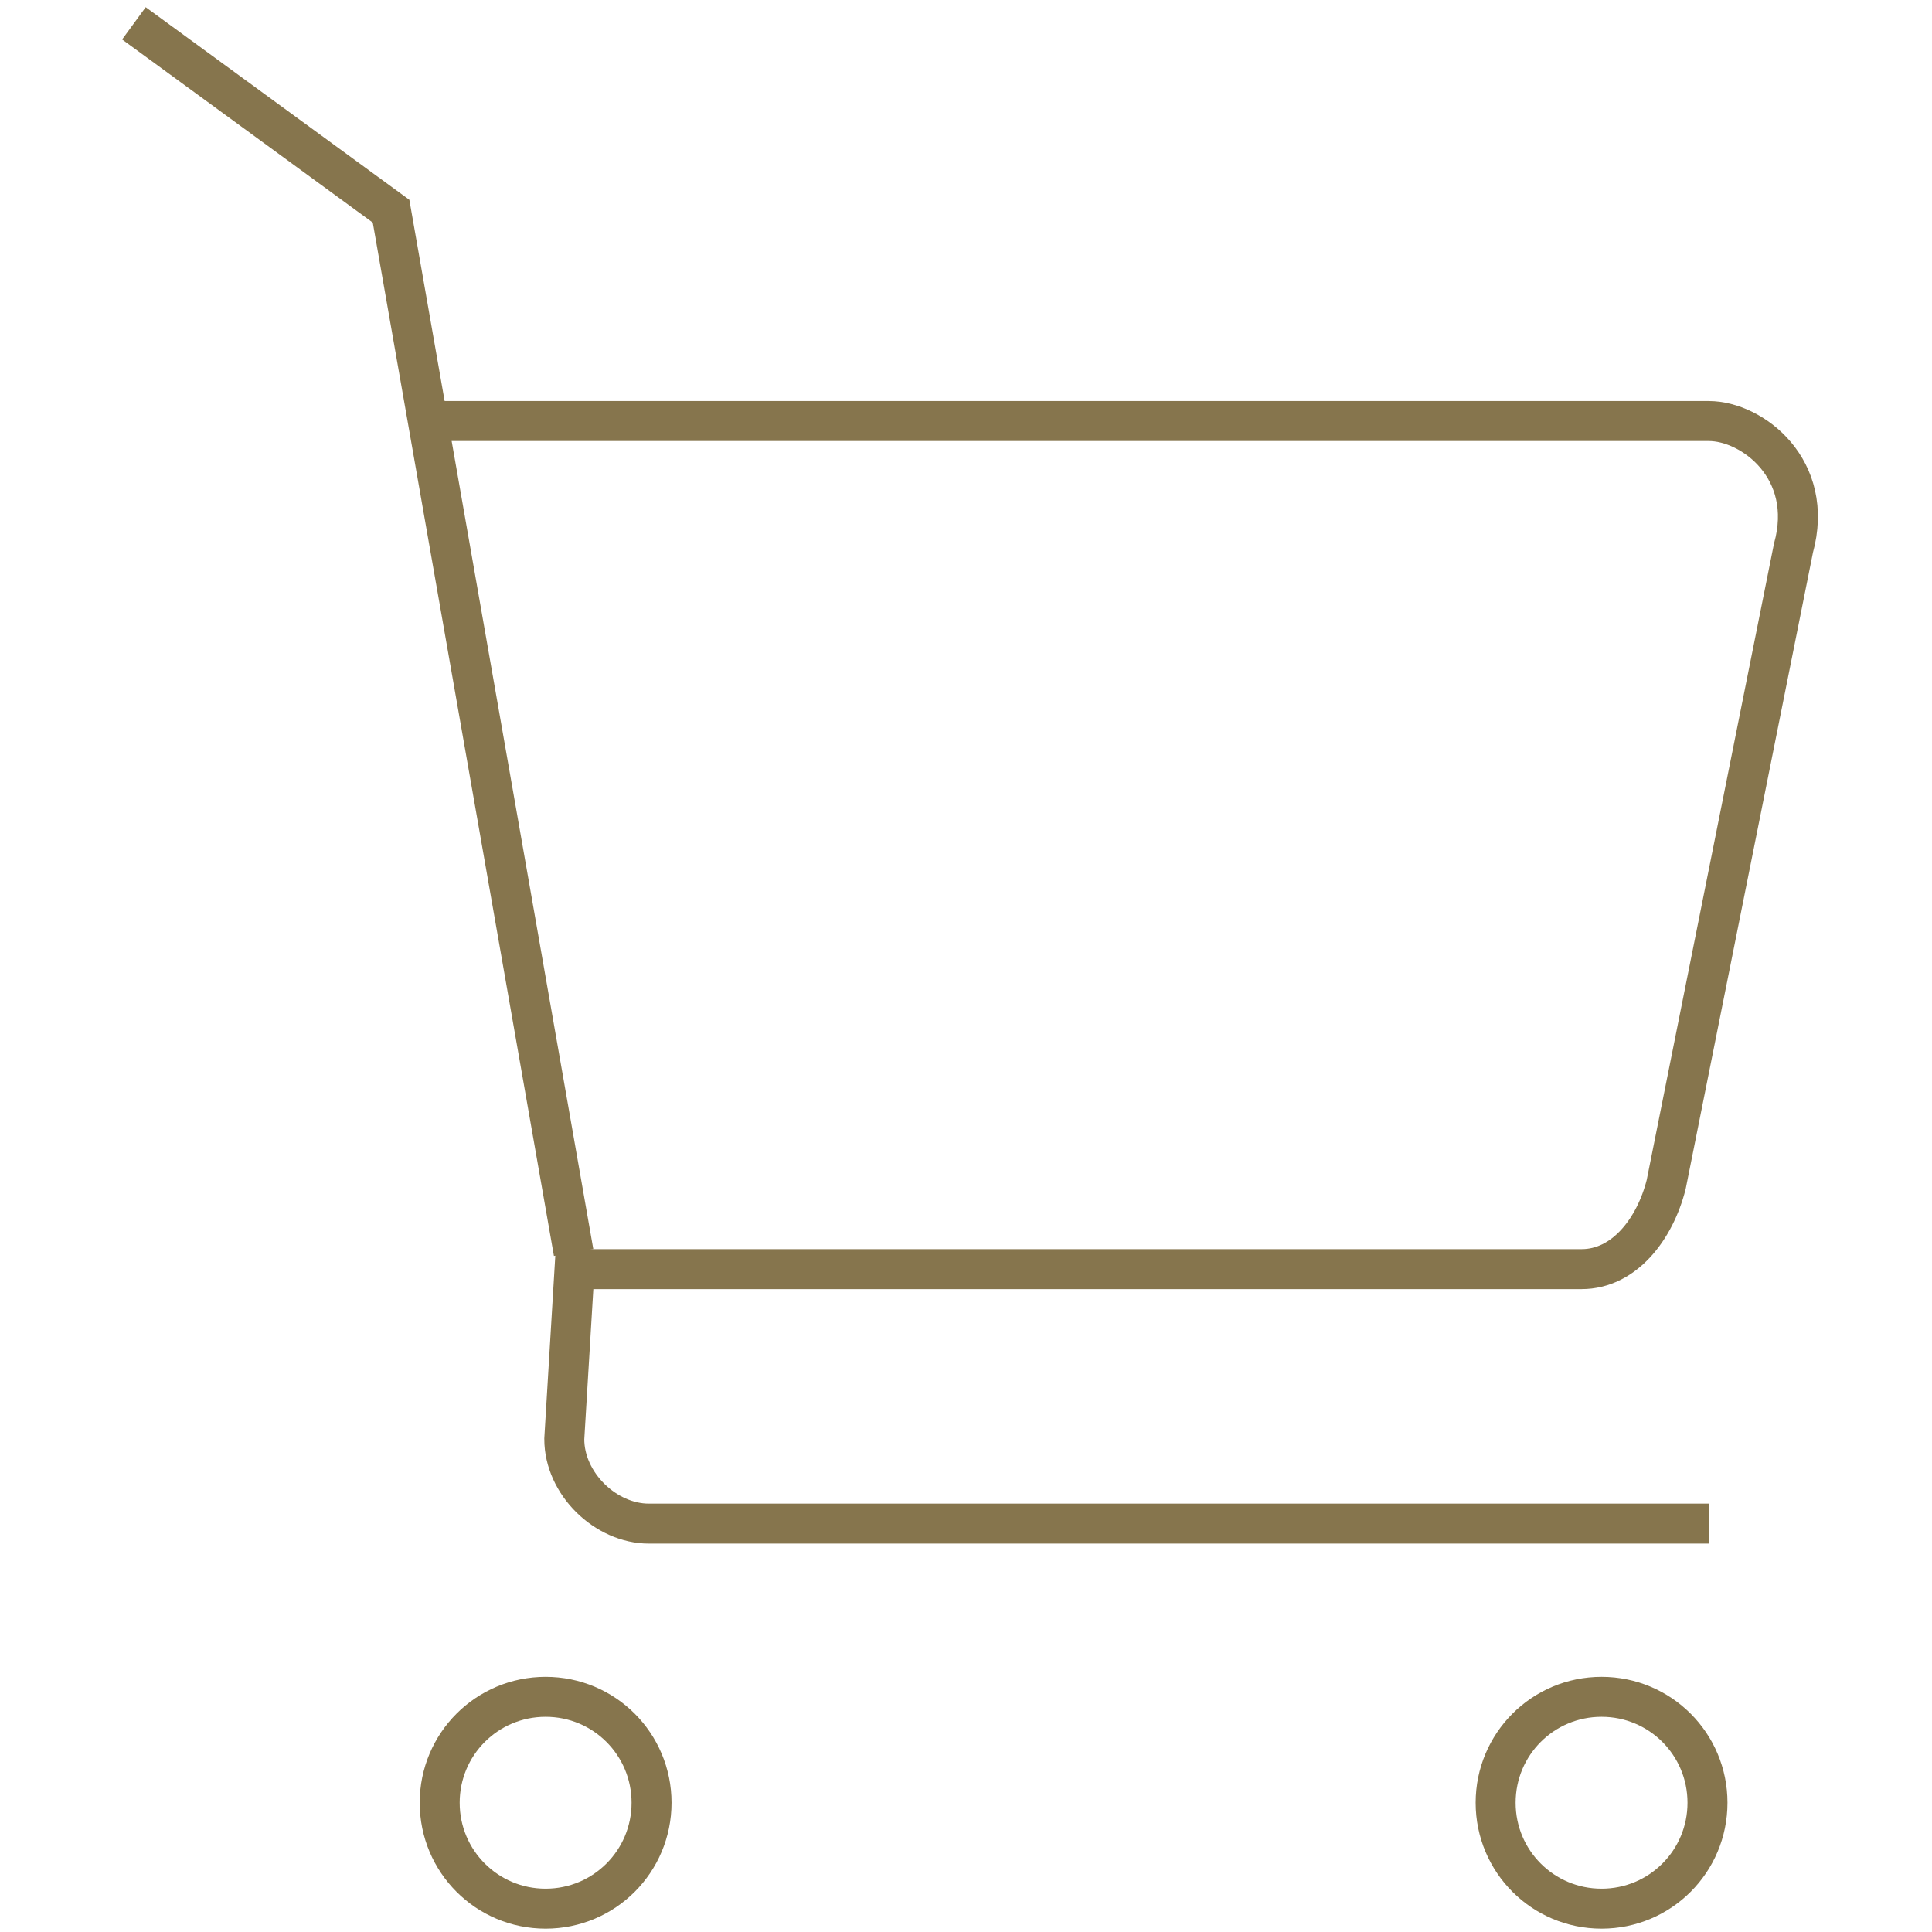 <?xml version="1.0" encoding="utf-8"?>
<!-- Generator: Adobe Illustrator 16.0.4, SVG Export Plug-In . SVG Version: 6.00 Build 0)  -->
<!DOCTYPE svg PUBLIC "-//W3C//DTD SVG 1.1//EN" "http://www.w3.org/Graphics/SVG/1.1/DTD/svg11.dtd">
<svg version="1.1" id="Ebene_1" xmlns="http://www.w3.org/2000/svg" xmlns:xlink="http://www.w3.org/1999/xlink" x="0px" y="0px"
	 width="290px" height="290px" viewBox="0 0 290 290" style="enable-background:new 0 0 290 290;" xml:space="preserve">
<style type="text/css">
<![CDATA[
	.st0{fill-rule:evenodd;clip-rule:evenodd;fill:none;stroke:#86754D;stroke-width:6;}
	.st1{fill-rule:evenodd;clip-rule:evenodd;fill:none;stroke:#86754D;stroke-width:6;stroke-miterlimit:10;}
]]>
</style>
<g>
	<g>
		<polyline class="st0" points="20.1,3.5 58.7,31.7 86.1,188 		"/>
		<path class="st1" d="M97.8,270.6c0,8.8-7.1,15.9-15.9,15.9c-8.8,0-15.9-7.1-15.9-15.9c0-8.8,7.1-15.9,15.9-15.9
			C90.7,254.7,97.8,261.8,97.8,270.6z"/>
		<path class="st1" d="M256.3,270.6c0,8.8-7.1,15.9-15.9,15.9c-8.8,0-15.9-7.1-15.9-15.9c0-8.8,7.1-15.9,15.9-15.9
			C249.2,254.7,256.3,261.8,256.3,270.6z"/>
	</g>
	<path class="st0" d="M65.5,63.2h191c6.5,0,16,7.2,12.7,19.1l-19.1,95.5c-1.7,6.7-6.3,12.7-12.7,12.7H84.6"/>
	<path class="st0" d="M256.5,228.7H97.4c-6.5,0-12.7-6-12.7-12.7l1.7-28.2"/>
</g>
<g>
</g>
<g>
</g>
<g>
</g>
<g>
</g>
<g>
</g>
<g>
</g>
<g>
</g>
<g>
</g>
<g>
</g>
<g>
</g>
<g>
</g>
<g>
</g>
<g>
</g>
<g>
</g>
<g>
</g>
</svg>
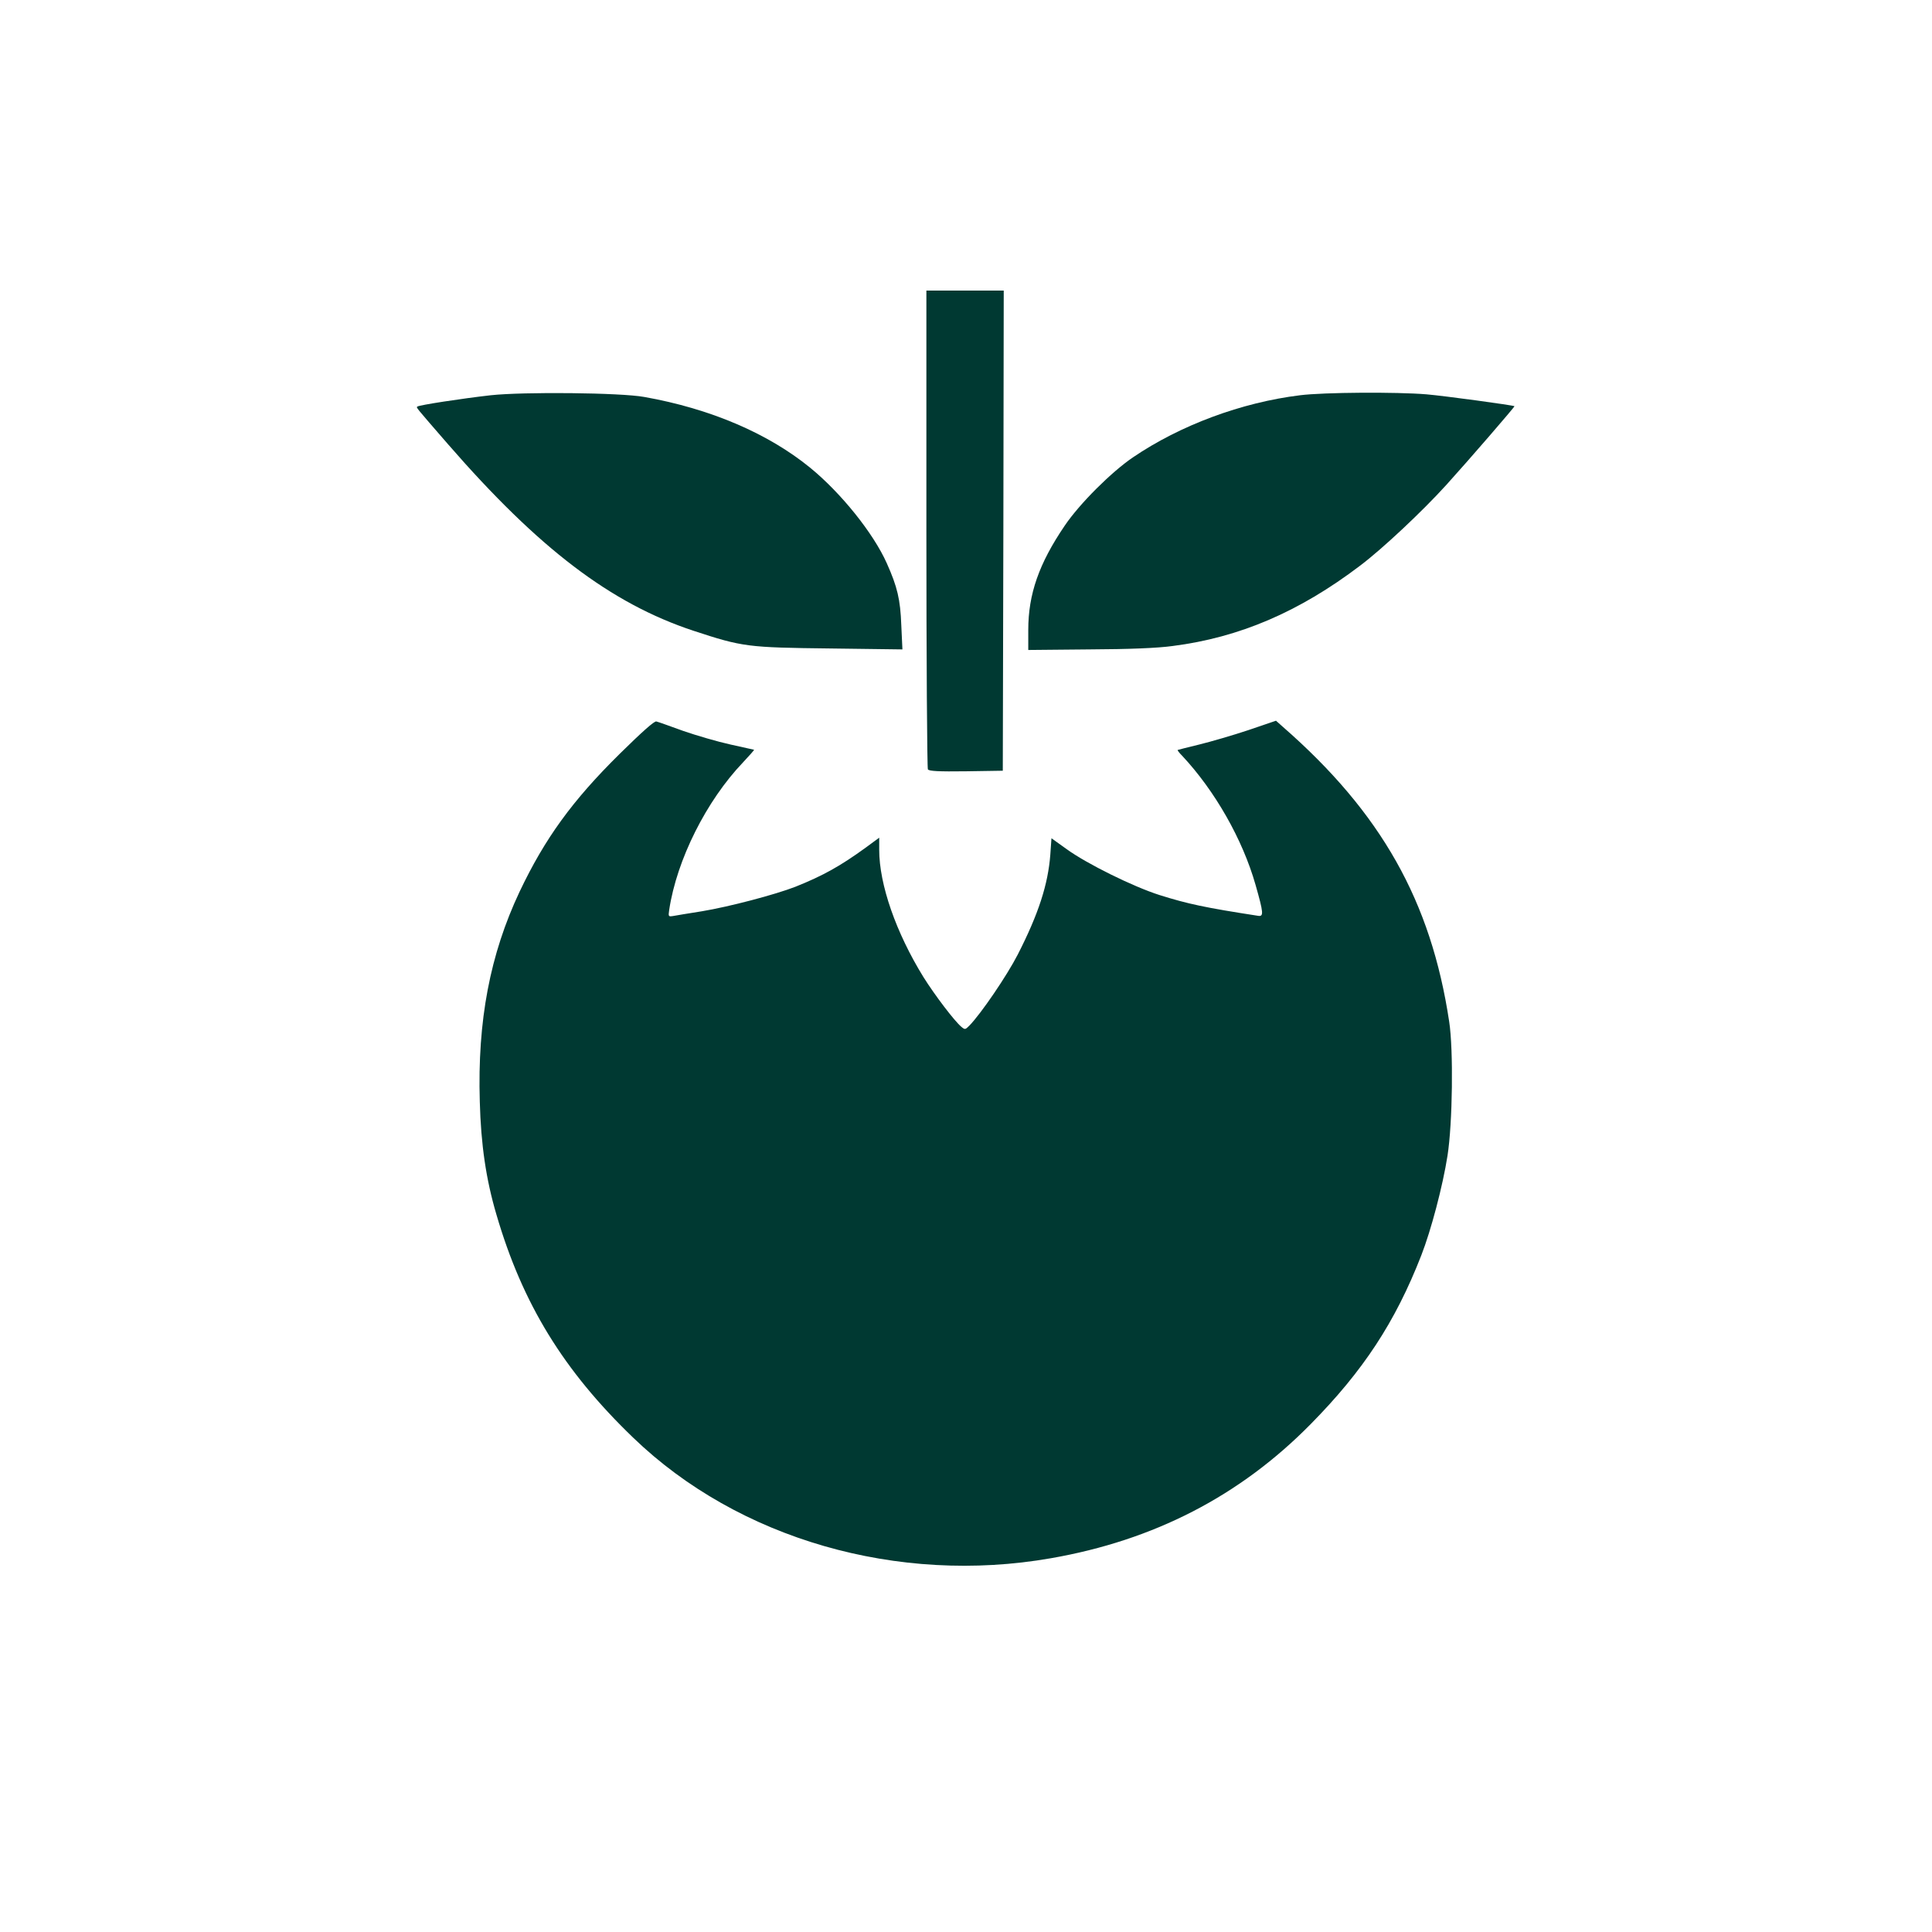 <?xml version="1.0" standalone="no"?>
<!DOCTYPE svg PUBLIC "-//W3C//DTD SVG 20010904//EN"
 "http://www.w3.org/TR/2001/REC-SVG-20010904/DTD/svg10.dtd">
<svg version="1.0" xmlns="http://www.w3.org/2000/svg"
 width="1024pt" height="1024pt" viewBox="0 0 1024 1024"
 preserveAspectRatio="xMidYMid meet">

<g transform="translate(0,1024) scale(0.1,-0.1)"
fill="#003932" stroke="none">
<path d="M4910 7438 c0 -695 4 -1269 8 -1276 7 -9 54 -12 203 -10 l194 3 3
1273 2 1272 -205 0 -205 0 0 -1262z"/>
<path d="M2600 8145 c-150 -17 -380 -52 -388 -60 -6 -6 -14 4 163 -200 481
-553 862 -843 1300 -988 261 -86 288 -89 724 -94 l384 -5 -6 129 c-5 136 -21
203 -77 328 -71 159 -242 372 -406 506 -223 182 -529 313 -879 375 -125 23
-640 28 -815 9z"/>
<path d="M6890 8145 c-310 -38 -635 -159 -885 -329 -115 -78 -283 -246 -361
-361 -137 -201 -194 -364 -194 -554 l0 -106 322 3 c216 1 363 7 443 18 353 45
670 180 994 426 118 89 329 287 456 427 124 137 364 415 362 418 -6 5 -372 55
-467 63 -157 13 -542 11 -670 -5z"/>
<path d="M3283 6243 c-250 -247 -395 -447 -529 -729 -157 -333 -224 -684 -211
-1113 6 -227 33 -412 88 -598 138 -473 356 -828 725 -1183 558 -538 1403 -781
2214 -639 546 95 1002 330 1377 711 278 282 448 540 586 894 52 133 114 368
139 528 27 172 32 562 9 711 -96 638 -360 1107 -882 1563 l-36 32 -147 -50
c-81 -27 -198 -61 -259 -76 -62 -15 -113 -28 -115 -29 -2 -2 9 -16 24 -31 173
-185 320 -442 389 -685 42 -148 44 -168 13 -163 -279 43 -373 63 -522 110
-139 44 -386 166 -492 243 l-81 58 -6 -86 c-12 -158 -62 -314 -173 -531 -57
-111 -195 -314 -257 -377 -21 -21 -23 -21 -42 -5 -36 30 -141 168 -201 264
-145 235 -234 490 -234 674 l0 64 -72 -53 c-135 -98 -227 -149 -372 -207 -108
-42 -351 -106 -496 -130 -69 -11 -137 -22 -152 -25 -26 -4 -26 -3 -21 33 40
265 197 578 391 781 34 36 60 66 59 67 -1 0 -58 13 -126 28 -68 15 -181 48
-250 72 -69 25 -133 48 -142 50 -10 4 -75 -54 -196 -173z"/>
</g>
</svg>

Problem description – Search the entries for the word "path", then list each line that holds it.

Result of the task –
		<path class="st1" d="M97.8,270.6c0,8.8-7.1,15.9-15.9,15.9c-8.8,0-15.9-7.1-15.9-15.9c0-8.8,7.1-15.9,15.9-15.9
		<path class="st1" d="M256.3,270.6c0,8.8-7.1,15.9-15.9,15.9c-8.8,0-15.9-7.1-15.9-15.9c0-8.8,7.1-15.9,15.9-15.9
	<path class="st0" d="M65.5,63.2h191c6.5,0,16,7.2,12.7,19.1l-19.1,95.5c-1.7,6.7-6.3,12.7-12.7,12.7H84.6"/>
	<path class="st0" d="M256.5,228.7H97.4c-6.5,0-12.7-6-12.7-12.7l1.7-28.2"/>
<path d="M4910 7438 c0 -695 4 -1269 8 -1276 7 -9 54 -12 203 -10 l194 3 3
<path d="M2600 8145 c-150 -17 -380 -52 -388 -60 -6 -6 -14 4 163 -200 481
<path d="M6890 8145 c-310 -38 -635 -159 -885 -329 -115 -78 -283 -246 -361
<path d="M3283 6243 c-250 -247 -395 -447 -529 -729 -157 -333 -224 -684 -211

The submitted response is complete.